Zwölf verschiedene Kanäle

„Bei unserem neuen Produkt wissen die Abonnenten, was sie bekommen, nämlich Fashion & Lifestyle in jeglicher Form. Und darüber hinaus können wir für Werbekunden mit unserer App und unserem VoD-Angebot Werbung auf Knopfdruck bieten; das kann man im normalen Fernsehen rein technisch schon gar nicht machen”, so Lisowski über das neue OTT-Angebot an die Zuseher, aber auch Kooperationspartner und Werbekunden.

Bereits jetzt habe man Verträge abgeschlossen mit Telco-Größen wie T-Mobile oder China Mobile.
Seit März am Start, bietet ­FFlix insgesamt zwölf verschiedene Kanäle, unter anderem in UHD (4k), und ein riesiges UHD (4k) Video on Demand-Angebot. Die FFlix Smart-TV App kann man dank der Kooperation mit großen Smart-TV-Herstellern wie Samsung und LGE gleich auf der ersten Seite in deren App-Store finden.

Smart-TV-Oberfläche

„Wir konzentrieren uns stark auf die Smart-TV-Oberfläche, und das ist eine Riesenkraft. Allein Samsung hat in Österreich eine Mio. Smart-TV-Geräte verkauft, und dann kommen noch andere Produzenten wie LG, Panasonic oder Sony dazu”, so Lisowski über die komfortable Situation, die technische Reichweite seines Angebots allein durch den Verkauf von TV-Geräten, auf deren Smart-TV-Oberfläche die eigene App dank der Kooperation von TV-Herstellern, die dafür einen Share an den Abo-Gebühren bekommen, steigern zu können.

Global schätzt Lisowski den aktuellen Stand bei Smart-TV-Geräten auf bis zu 400 Mio. weltweit, allein 2017 kommen geschätzte 250 Mio. neue Smart-TVs dazu, und 2020 wird es in allen Haushalten mit hohem und mittlerem Einkommen Smart-TV-Geräte geben, die das verbesserte 4g, 5g und MBB, mobiles Breitbandinternet, verwenden werden. Auf deren Oberfläche könnte rein theoretisch überall FFlix installiert sein.
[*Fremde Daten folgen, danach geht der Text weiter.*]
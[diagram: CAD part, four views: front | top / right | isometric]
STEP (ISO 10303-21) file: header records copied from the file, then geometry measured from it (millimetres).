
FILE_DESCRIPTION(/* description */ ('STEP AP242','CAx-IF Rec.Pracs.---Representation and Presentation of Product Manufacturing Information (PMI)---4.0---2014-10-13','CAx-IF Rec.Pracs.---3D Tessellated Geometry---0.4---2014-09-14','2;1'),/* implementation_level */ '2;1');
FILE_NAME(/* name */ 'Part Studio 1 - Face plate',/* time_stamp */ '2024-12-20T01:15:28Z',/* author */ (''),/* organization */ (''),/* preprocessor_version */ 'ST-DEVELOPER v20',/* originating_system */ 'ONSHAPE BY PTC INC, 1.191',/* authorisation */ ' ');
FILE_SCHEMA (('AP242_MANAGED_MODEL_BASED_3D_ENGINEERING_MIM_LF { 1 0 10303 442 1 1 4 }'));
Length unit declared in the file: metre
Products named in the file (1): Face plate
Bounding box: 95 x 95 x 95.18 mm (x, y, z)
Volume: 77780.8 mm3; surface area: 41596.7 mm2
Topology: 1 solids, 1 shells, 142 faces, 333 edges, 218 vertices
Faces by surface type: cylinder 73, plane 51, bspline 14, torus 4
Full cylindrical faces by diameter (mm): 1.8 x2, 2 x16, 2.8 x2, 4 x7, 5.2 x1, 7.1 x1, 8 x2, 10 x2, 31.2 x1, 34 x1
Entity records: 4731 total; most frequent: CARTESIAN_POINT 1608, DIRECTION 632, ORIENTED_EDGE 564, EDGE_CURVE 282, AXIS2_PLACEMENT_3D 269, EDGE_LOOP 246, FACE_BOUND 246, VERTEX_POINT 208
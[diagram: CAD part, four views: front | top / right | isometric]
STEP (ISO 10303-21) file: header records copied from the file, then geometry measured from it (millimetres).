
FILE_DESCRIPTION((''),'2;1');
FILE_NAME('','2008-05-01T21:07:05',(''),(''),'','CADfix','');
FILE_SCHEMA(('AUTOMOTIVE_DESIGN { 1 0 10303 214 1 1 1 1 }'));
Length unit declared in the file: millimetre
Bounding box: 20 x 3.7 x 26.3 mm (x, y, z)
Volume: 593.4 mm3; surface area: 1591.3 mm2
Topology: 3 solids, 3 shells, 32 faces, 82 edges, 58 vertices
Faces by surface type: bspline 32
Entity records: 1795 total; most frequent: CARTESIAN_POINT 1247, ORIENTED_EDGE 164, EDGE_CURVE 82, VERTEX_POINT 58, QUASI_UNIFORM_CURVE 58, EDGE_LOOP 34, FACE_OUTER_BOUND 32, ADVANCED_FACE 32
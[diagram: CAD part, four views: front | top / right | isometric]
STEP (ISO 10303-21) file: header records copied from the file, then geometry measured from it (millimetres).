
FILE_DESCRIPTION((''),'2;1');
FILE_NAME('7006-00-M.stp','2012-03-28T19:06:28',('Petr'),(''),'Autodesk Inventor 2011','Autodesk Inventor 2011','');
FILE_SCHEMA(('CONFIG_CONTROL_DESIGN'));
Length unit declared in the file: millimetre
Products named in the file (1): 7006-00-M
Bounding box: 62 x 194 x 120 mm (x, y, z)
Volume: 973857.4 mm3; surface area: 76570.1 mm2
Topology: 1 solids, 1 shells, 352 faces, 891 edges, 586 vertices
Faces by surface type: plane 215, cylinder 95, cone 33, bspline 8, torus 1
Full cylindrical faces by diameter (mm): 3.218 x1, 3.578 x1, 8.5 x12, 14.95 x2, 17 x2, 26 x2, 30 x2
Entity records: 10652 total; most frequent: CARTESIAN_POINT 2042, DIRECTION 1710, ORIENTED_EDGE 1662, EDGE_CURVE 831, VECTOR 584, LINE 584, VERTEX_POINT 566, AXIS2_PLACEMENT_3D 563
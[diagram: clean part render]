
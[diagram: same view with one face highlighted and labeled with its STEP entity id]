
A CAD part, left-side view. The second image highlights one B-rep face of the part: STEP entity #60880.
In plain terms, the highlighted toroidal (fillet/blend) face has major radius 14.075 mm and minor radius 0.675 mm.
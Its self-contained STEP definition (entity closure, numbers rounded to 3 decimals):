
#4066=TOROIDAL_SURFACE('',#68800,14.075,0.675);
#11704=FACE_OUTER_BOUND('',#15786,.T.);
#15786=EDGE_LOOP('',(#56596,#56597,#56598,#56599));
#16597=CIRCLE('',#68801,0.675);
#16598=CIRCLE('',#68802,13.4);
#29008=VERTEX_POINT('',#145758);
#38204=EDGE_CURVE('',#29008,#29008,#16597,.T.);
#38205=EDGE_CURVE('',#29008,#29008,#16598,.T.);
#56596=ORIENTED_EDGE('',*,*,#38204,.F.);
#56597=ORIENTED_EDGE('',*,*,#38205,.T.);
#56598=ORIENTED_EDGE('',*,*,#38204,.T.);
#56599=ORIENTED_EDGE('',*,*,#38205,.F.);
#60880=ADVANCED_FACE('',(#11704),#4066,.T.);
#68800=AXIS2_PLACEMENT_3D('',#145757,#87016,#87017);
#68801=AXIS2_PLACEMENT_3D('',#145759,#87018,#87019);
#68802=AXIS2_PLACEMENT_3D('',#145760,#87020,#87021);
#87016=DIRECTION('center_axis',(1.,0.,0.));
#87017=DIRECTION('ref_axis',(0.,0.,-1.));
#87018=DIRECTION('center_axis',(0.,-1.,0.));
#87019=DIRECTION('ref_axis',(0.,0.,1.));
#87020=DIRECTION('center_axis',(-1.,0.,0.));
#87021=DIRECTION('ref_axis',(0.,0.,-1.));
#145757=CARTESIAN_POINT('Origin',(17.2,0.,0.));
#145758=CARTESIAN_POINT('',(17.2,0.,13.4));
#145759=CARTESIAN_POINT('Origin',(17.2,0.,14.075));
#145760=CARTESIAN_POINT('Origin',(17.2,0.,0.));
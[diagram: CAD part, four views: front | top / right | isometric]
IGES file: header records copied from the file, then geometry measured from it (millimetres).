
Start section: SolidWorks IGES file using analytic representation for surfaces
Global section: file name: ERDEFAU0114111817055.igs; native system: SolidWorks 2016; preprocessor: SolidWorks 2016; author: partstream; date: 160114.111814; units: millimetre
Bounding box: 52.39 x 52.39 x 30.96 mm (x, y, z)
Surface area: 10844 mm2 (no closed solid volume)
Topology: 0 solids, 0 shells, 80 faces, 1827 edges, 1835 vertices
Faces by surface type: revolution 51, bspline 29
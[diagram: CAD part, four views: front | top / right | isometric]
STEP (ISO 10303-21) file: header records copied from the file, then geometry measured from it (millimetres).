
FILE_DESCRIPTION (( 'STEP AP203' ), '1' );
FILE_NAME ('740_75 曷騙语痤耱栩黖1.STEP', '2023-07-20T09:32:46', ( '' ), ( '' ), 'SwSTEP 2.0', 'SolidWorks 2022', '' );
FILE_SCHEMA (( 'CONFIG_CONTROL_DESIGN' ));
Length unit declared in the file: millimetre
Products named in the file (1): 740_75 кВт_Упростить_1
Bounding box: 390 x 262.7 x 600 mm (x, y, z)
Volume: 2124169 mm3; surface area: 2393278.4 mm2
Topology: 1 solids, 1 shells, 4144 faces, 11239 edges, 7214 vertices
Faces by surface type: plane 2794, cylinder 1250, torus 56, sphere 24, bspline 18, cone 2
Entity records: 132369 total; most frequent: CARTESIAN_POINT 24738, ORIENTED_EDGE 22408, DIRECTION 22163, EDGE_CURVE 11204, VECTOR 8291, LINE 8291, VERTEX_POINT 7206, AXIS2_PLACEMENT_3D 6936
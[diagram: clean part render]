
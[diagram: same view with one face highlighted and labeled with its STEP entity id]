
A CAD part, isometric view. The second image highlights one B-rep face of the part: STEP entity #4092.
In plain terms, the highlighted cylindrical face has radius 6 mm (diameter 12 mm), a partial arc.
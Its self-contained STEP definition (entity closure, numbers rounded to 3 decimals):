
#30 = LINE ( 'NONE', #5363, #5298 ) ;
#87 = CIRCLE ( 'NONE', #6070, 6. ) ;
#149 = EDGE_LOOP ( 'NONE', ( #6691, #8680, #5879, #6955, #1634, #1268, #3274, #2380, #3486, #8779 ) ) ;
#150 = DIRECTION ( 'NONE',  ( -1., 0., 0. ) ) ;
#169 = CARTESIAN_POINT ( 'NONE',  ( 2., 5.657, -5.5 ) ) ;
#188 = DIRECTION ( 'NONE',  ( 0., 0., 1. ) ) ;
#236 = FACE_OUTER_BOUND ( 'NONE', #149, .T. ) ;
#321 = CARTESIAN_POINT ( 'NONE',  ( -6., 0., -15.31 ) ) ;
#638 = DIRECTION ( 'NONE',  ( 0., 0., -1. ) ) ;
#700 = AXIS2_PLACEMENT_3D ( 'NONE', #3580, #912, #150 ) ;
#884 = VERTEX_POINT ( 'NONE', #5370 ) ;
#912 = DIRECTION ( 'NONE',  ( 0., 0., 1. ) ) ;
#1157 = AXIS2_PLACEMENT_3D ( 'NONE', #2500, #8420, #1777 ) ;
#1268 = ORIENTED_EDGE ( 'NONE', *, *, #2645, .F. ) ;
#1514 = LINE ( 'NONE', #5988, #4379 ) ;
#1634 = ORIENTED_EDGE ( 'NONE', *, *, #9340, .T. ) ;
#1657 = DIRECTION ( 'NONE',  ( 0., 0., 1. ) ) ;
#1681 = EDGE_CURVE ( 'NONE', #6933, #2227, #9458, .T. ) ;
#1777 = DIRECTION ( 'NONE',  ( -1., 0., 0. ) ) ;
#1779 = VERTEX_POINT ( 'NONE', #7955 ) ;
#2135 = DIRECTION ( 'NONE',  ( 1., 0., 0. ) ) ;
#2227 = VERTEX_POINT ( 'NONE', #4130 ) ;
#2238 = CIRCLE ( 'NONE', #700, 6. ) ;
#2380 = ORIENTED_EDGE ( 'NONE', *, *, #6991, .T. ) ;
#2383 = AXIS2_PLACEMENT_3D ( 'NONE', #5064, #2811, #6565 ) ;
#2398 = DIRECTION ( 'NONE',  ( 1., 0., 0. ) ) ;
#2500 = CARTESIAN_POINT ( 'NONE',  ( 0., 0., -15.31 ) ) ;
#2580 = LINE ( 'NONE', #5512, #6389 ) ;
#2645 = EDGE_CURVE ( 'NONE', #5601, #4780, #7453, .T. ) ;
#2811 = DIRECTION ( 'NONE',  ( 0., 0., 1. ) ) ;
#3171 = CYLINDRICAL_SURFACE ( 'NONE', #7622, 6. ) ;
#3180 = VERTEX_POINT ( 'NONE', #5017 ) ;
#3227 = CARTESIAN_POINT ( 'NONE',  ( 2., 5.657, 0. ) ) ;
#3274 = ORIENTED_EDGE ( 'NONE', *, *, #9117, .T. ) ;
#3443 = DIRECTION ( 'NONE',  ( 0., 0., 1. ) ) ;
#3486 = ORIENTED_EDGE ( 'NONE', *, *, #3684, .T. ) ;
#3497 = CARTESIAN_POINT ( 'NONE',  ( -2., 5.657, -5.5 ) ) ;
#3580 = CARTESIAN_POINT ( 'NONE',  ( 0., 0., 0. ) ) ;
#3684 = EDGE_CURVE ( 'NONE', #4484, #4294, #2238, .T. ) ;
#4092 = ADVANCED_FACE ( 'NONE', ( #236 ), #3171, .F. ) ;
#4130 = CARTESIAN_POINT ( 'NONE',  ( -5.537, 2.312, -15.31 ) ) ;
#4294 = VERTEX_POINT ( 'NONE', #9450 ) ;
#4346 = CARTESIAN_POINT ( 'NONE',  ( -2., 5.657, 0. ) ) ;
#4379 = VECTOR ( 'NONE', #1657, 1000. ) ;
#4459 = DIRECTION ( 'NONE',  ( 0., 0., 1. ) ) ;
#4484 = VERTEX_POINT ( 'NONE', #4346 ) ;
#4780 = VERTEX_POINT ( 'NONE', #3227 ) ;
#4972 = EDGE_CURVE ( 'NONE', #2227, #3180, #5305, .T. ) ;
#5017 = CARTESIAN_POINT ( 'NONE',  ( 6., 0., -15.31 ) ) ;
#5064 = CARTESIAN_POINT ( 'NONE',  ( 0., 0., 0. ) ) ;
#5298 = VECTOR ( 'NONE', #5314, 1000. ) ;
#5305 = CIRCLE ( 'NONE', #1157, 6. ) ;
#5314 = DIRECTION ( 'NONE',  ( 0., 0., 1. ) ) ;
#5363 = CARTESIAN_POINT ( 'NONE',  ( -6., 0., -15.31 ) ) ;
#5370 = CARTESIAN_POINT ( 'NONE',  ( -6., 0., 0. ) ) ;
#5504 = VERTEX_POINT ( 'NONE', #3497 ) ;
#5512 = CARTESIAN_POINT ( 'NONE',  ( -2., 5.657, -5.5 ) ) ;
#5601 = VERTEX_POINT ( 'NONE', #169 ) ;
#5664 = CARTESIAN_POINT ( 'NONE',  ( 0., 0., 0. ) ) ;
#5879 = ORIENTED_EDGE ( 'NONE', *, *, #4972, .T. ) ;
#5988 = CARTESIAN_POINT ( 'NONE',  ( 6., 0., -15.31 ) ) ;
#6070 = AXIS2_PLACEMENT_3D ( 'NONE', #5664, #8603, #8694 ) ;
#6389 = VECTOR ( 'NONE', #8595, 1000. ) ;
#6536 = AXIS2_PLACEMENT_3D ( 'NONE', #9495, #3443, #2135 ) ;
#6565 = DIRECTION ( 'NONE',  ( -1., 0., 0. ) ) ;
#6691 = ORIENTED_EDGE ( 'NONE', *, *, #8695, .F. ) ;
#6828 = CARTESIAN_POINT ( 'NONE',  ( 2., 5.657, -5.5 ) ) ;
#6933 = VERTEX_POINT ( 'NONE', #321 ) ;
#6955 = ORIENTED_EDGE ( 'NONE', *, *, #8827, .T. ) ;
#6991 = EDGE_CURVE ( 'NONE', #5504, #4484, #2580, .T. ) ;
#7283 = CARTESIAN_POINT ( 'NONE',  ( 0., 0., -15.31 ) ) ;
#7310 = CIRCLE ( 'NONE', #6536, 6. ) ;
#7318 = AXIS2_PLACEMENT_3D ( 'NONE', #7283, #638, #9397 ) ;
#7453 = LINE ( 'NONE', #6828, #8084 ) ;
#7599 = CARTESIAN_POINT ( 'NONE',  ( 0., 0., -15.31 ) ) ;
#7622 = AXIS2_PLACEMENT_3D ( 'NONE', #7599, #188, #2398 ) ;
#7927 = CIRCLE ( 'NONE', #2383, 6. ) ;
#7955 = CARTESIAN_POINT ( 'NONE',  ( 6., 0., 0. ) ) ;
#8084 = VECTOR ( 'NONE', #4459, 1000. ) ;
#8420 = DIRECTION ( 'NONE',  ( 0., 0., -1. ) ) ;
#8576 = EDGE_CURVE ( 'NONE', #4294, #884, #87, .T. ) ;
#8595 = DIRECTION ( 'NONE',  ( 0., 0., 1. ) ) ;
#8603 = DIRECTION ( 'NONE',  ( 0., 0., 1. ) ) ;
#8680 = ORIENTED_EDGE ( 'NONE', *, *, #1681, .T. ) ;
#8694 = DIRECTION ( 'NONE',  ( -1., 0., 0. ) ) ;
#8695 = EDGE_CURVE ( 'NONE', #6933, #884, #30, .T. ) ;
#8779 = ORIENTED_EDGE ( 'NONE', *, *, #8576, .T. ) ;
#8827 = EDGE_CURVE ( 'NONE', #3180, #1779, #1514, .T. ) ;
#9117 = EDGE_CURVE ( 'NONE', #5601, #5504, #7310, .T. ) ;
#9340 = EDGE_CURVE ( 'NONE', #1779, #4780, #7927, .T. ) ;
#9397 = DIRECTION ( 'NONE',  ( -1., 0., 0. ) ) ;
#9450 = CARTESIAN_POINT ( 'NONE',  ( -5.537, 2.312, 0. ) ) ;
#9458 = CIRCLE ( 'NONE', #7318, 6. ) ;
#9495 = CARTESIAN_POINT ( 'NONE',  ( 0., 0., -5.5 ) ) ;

Lokale Inhalte und Sprachen

Um Content attraktiv zu halten, plant Lisowski neben dem derzeitigen Angebot auch weitere lokalisierte Inhalte in der jeweiligen Sprache. „Wir wollen hier eine Community entwickeln, einen eigenen Shopping-Kanal, bei dem man direkt über einen Touchscreen noch während einer Präsentation in den Online-Shop gelangen kann. So eine eCommerce-Lösung gibt es auf der ganzen Welt noch nicht – wir entwickeln sie”, so Lisowski.

Durch all diese Aktivitäten werde auch der Wert des Gesamtunternehmens und damit die Anteile jener, die nun investieren wollen, steigen, so Lisowski. Laut dem Unternehmens-Gründer sei man derzeit bei einer Bewertung von 800 Mio. €. „Das ist der Wert unserer Marke, bewertet durch Euro-Brand, Stand 2017. Dieser Wert könnte sich dank unserer Aktivitäten auf mehrere Milliarden erhöhen”, so Lisowski.